= Problem statement =
In every line of the records, look for "with", then report how many lines have it and nothing else.

[Records drawn from a dataset]
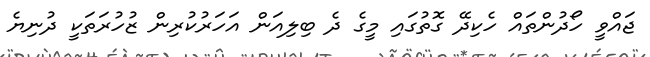
ޖައްވީ ހޯދުންތައް ހެކިދޭ ގޮތުގައި މީގެ ދެ ބިލިއަން އަހަރުކުރިން ޒުހުރަތަކީ ދުނިޔެ
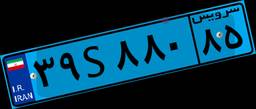
۱۸S۶۹۸۰۸
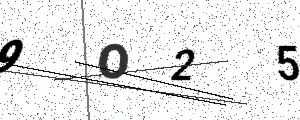
Text: 9O25
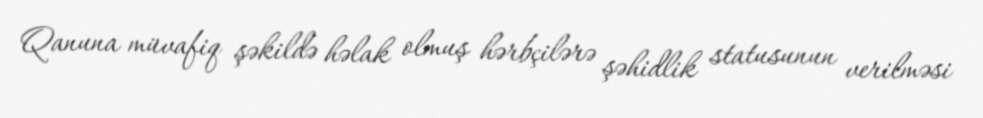
Qanuna müvafiq şəkildə həlak olmuş hərbçilərə şəhidlik statusunun verilməsi
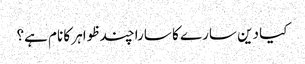
کیا دین سارے کا سارا چند ظواہر کا نام ہے؟
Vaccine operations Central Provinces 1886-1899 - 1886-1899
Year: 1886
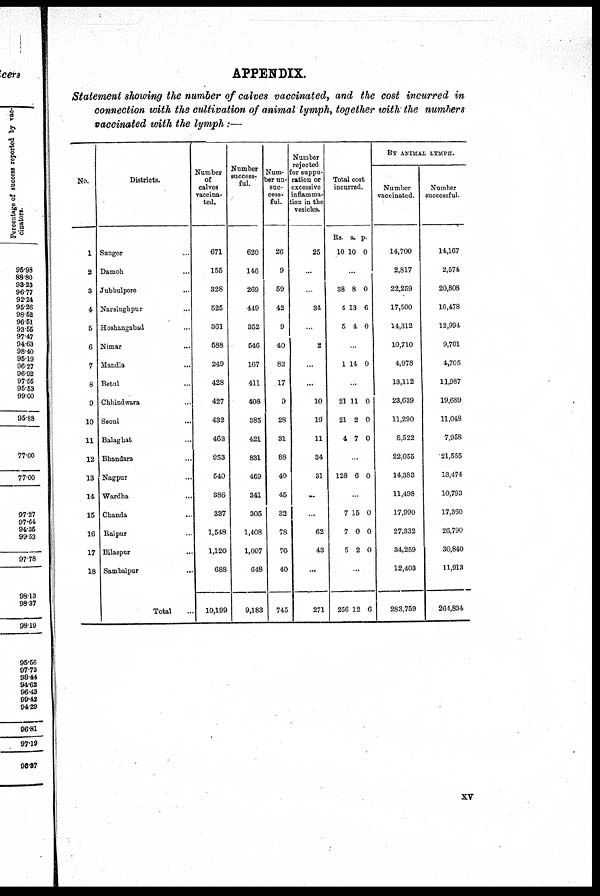
APPENDIX.
Statement showing the number of calves vaccinated, and the cost incurred in
connection with the cultivation of animal lymph, together with the numbers
vaccinated with the lymph:—
No.
1
2
3
4
6
6
7
8
9
10
11
12
13
14
15
16
17
18
Districts.
Saugor...
Damoh...
Jubbulpore...
Narsinghpur...
Hoshangabad...
Nimar...
Mandla...
Betul...
Chhindwara...
Seoni...
Balaghat...
Bhandara...
Nagpur...
Wardha...
Chanda...
Raipur...
Bilaspur...
Sambalpur...
Total...
Number
of
calves
vaccina-
ted.
671
155
328
525
361
588
249
428
427
432
463
953
540
386
337
1,548
1,120
688
10,199
Number
success-
ful.
620
146
269
449
352
546
167
411
408
385
421
831
469
341
305
1,408
1,007
648
9,183
Num-
ber un-
suc-
cess-
ful.
26
9
59
42
9
40
82
17
9
28
31
88
40
45
32
78
70
40
745
Number
rejected
for suppu-
ration or
excessive
inflamma-
tion in the
vesicles.
25
...
...
34
...
2
...
...
10
19
11
34
31
...
...
62
43
...
271
Total cost
incurred.
Rs.
10
a.
10
p.
0
...
38
4
5
8
13
4
0
6
0
...
1 14 0
...
21
21
4
11
2
7
0
0
0
...
128 6 0
...
7
7
5
15
0
2
0
0
0
...
256 12 6
BY ANIMAL LYMPH.
Number
vaccinated.
14,700
2,817
22,259
17,500
14,312
10,710
4,978
13,112
23,639
11,290
8,522
22,055
14,383
11,498
17,990
27,332
34,259
12,403
283,759
Number
successful.
14,167
2,574
20,808
16,478
12,994
9,701
4,705
11,987
19,689
11,048
7,958
21,555
13,474
10,793
17,360
26,790
30,840
11,913
264,834
xv
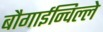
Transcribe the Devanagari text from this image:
बौगाईन्विल्ले
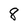
Character: 8
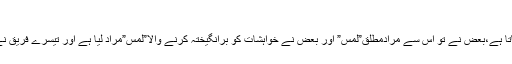
(النساء: ۳۴)
علماءکرام کے مابین( اَو لاَمَستُمُ النِّسَاء) کے معنی میں شدید اختلاف پایا جاتا ہے،بعض نے تو اس سے مرادمطلق”لمس” اور بعض نے خواہشات کو برانگیختہ کرنے والا”لمس”مراد لیا ہے اور تیسرے فریق نے اس سے مراد جماع لیا ہے اور یہی موقف حضرت ابن عباس صکا ہے۔
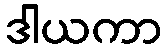
ဒါယကာ
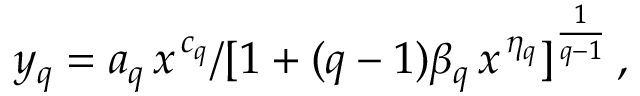
y _ { q } = a _ { q } \, x ^ { \, c _ { q } } / [ 1 + ( q - 1 ) \beta _ { q } \, x ^ { \, \eta _ { q } } ] ^ { \frac { 1 } { q - 1 } } \, ,

= Expected output =
2